BladeSystem Server Blades
Showing results for 
Search instead for 
Did you mean: 

Multicast packet loss problem with ESXi 5.0 in a BL460c Gen8 cluster

Occasional Contributor

Multicast packet loss problem with ESXi 5.0 in a BL460c Gen8 cluster

Hi all,


I'm having a multicast packet loss problem with ESXi 5.0 in a BL460c Gen8 cluster.  I'm using HP's version of ESXi.  The problem seems to be related to the combination of ESXi 5.0 and the Gen8 hardware, here's what's happening:


With two VMs (RHEL 5.5 guest o/s) on the same server blade, a multicast subscriber on one VM succesfully receives packets from the sender on the other VM.  If I move one of the VMs to a different blade in the cluster, the multicast subscriber experiences huge packet loss and out-of-order packets.  I've verified this behavior with several software utilities that can send out and recieve multicast data and the result is the same.


Now, if I migrate the multicast sender VM to a BL460c G7 blade in the same chassis as the Gen8s, also running ESXI 5.0, the problem goes away.  If I switch the VMs, i.e. the multicast sender is now on the Gen8 and the receiver is on the G7, the problem returns.  It seems to me that the combination of ESXi 5.0 and the Gen8 is causing some kind of multicast packet send problem.  I've run this experiment on all pair combinations of the four blades in my cluster and the behavior is identical.


I have the latest NIC drivers installed on the Gen8 blade and the vSwitches and vNICS all seem to be configured correctly.  I'm using e1000 NICs on my VMs.  I have tried the VMXNET3 NICs, but the problem remains.

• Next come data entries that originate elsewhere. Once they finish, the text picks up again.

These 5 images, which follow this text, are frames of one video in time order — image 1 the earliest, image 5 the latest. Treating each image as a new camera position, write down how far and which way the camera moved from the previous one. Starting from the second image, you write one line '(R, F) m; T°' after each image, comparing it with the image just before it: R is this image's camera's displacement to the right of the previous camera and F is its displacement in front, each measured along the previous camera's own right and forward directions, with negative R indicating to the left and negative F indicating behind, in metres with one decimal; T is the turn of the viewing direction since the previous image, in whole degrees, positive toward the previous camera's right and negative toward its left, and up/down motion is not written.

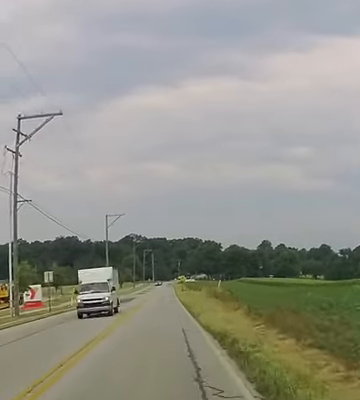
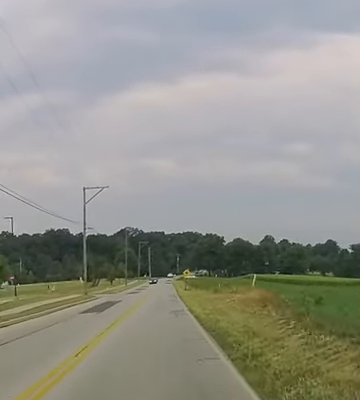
(0.0, +24.7) m; +1°
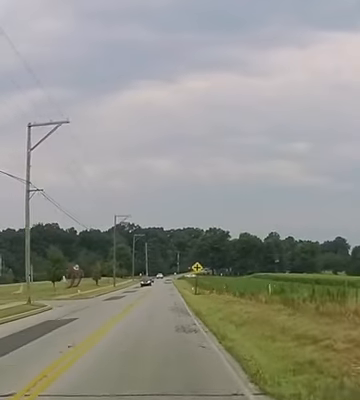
(+0.6, +28.9) m; +1°
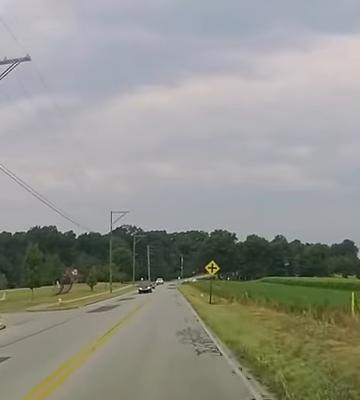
(-0.3, +13.3) m; 0°
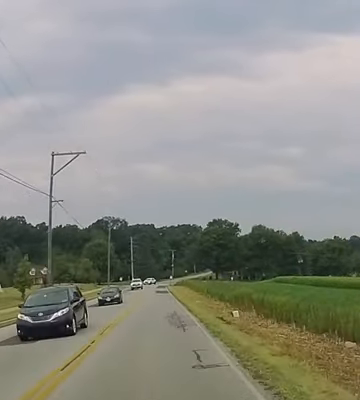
(-0.5, +43.3) m; -2°
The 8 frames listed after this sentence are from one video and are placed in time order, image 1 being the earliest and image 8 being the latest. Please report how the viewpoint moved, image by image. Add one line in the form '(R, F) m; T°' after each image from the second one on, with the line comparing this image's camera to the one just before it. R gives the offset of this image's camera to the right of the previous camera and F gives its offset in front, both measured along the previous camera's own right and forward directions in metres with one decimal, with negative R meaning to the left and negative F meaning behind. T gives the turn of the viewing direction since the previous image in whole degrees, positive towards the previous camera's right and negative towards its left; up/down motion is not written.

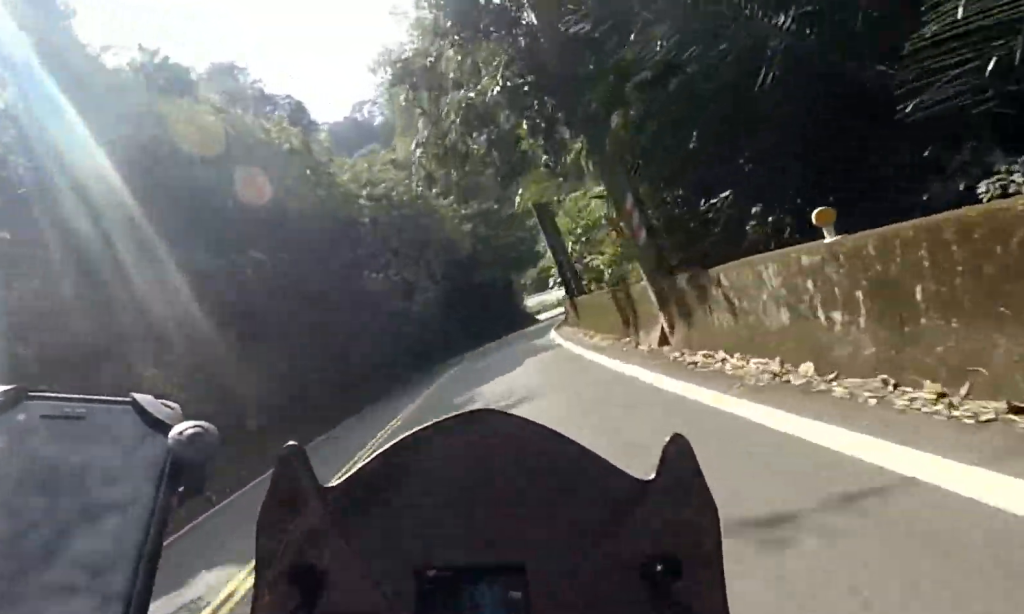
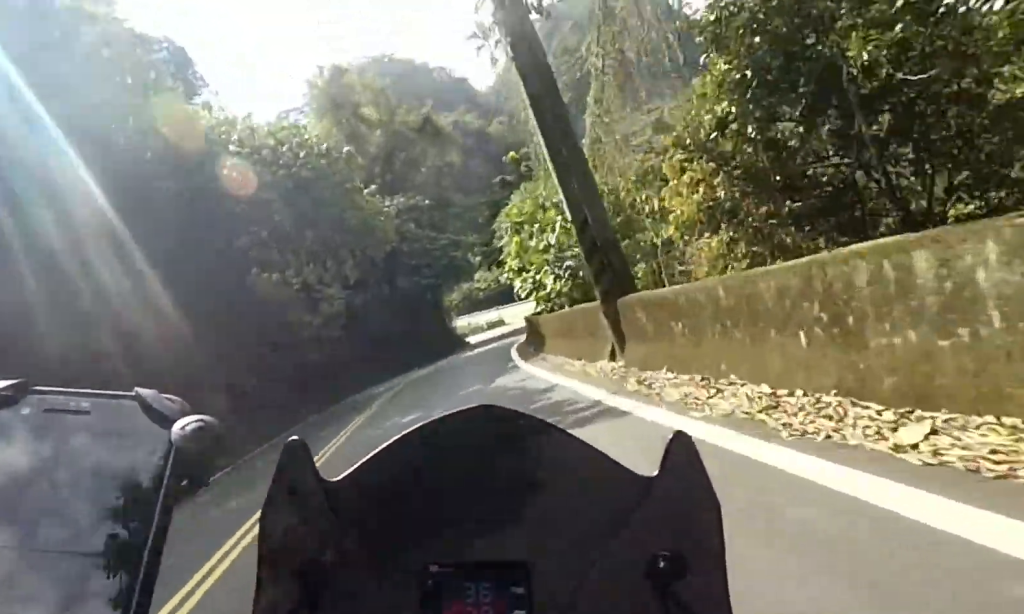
(+1.5, +9.1) m; +8°
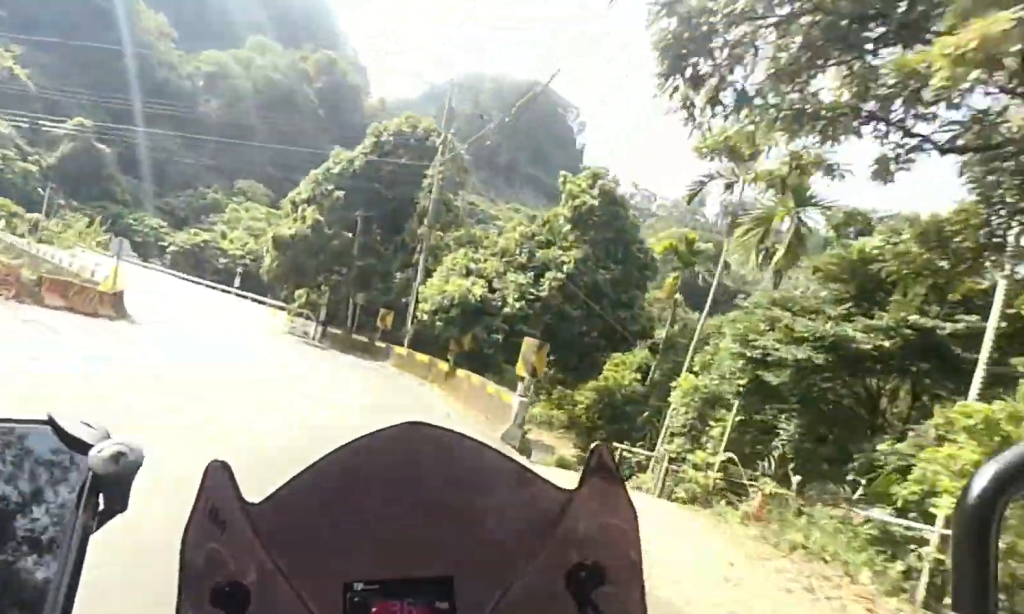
(+12.6, +53.2) m; +12°
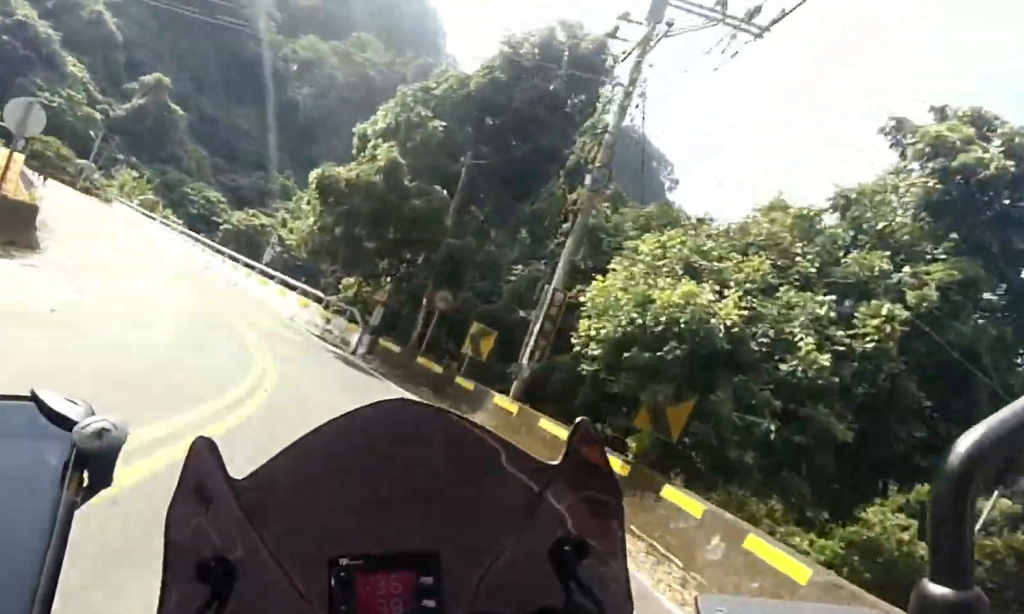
(-1.0, +9.3) m; -3°
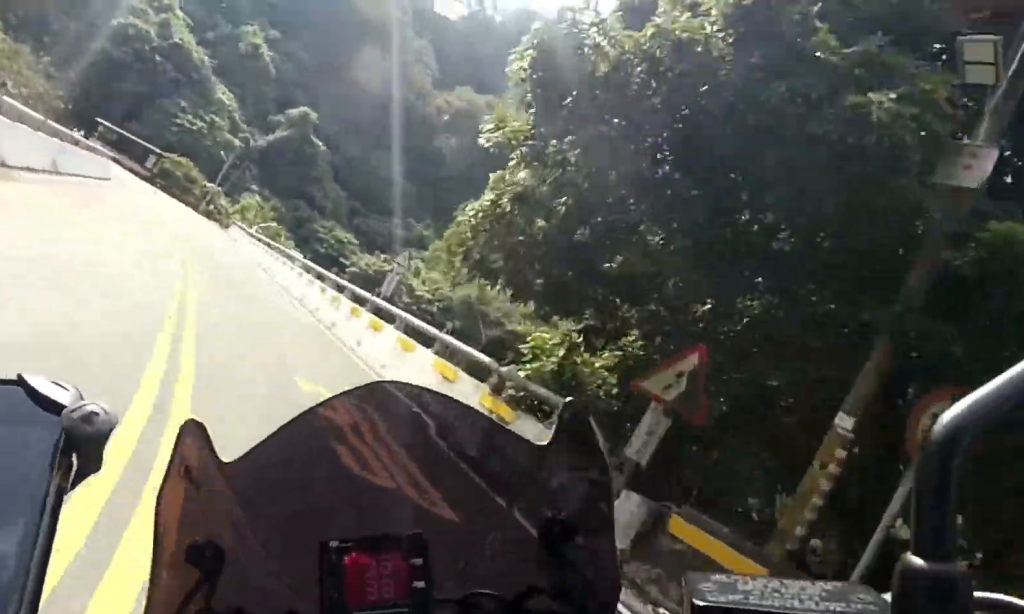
(-0.2, +9.7) m; -4°
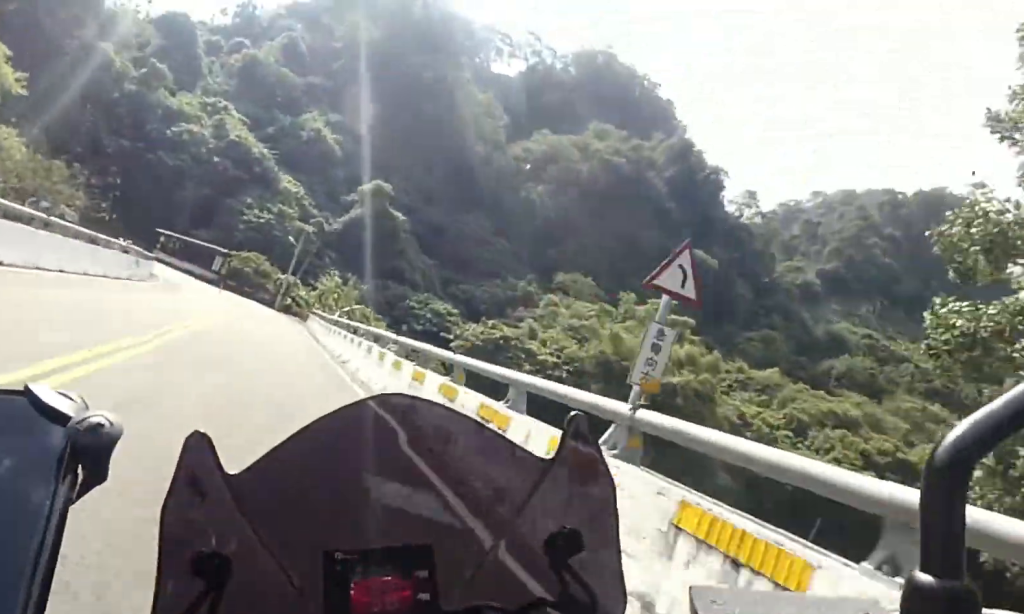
(+0.4, +8.9) m; -4°
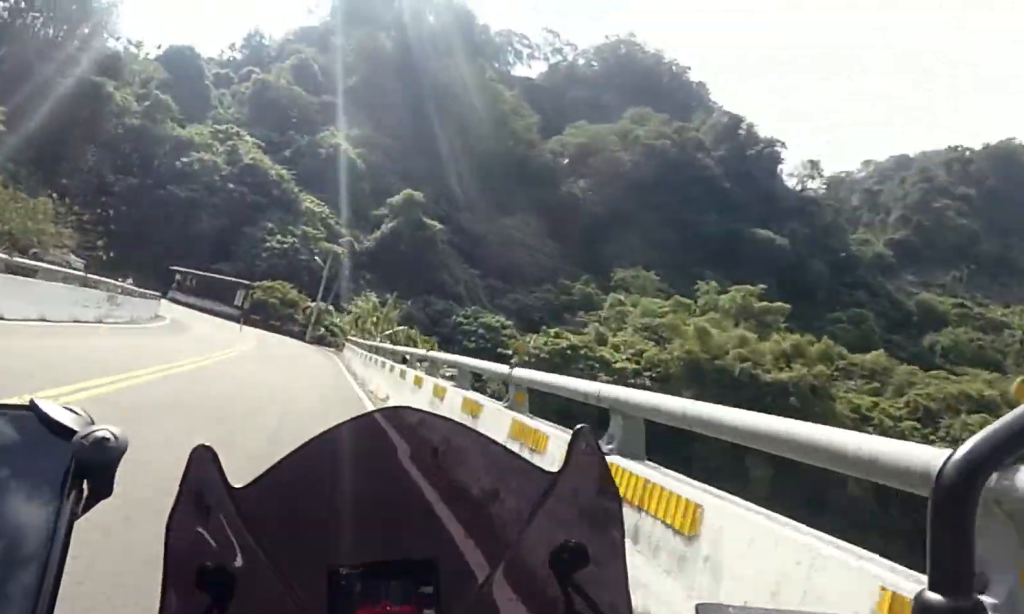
(-0.6, +5.6) m; -9°
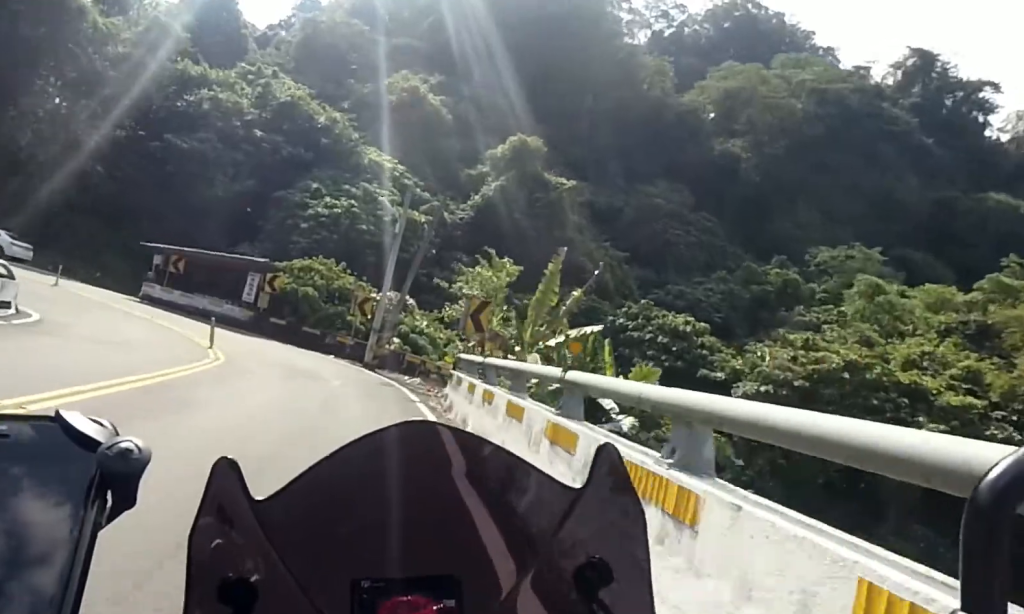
(-4.4, +16.6) m; -25°

Has anyone else observed this behavior?


I'm guessing that when the VMs are located on the same blade, the outgoing multicast data is being turned around at the vSwitch, so never gets to the physical NIC and the physical network switch that my blade chassis connects to.  As soon as I separate the VMs, the data does reach the physical NICs, which is I'm thinking it's maybe a phyical NIC driver/ESXI 5.0 problem.


FYI, a few of my colleagues have multicast data flowing between two Gen8 blades (bare metal) and between two Gen8 blades running ESXI 4.1u2, so my problem is definitely peculiar to the Gen8/ESXI 5.0 combo.


Any suggestions on what might be the problem would be greatly appreciated.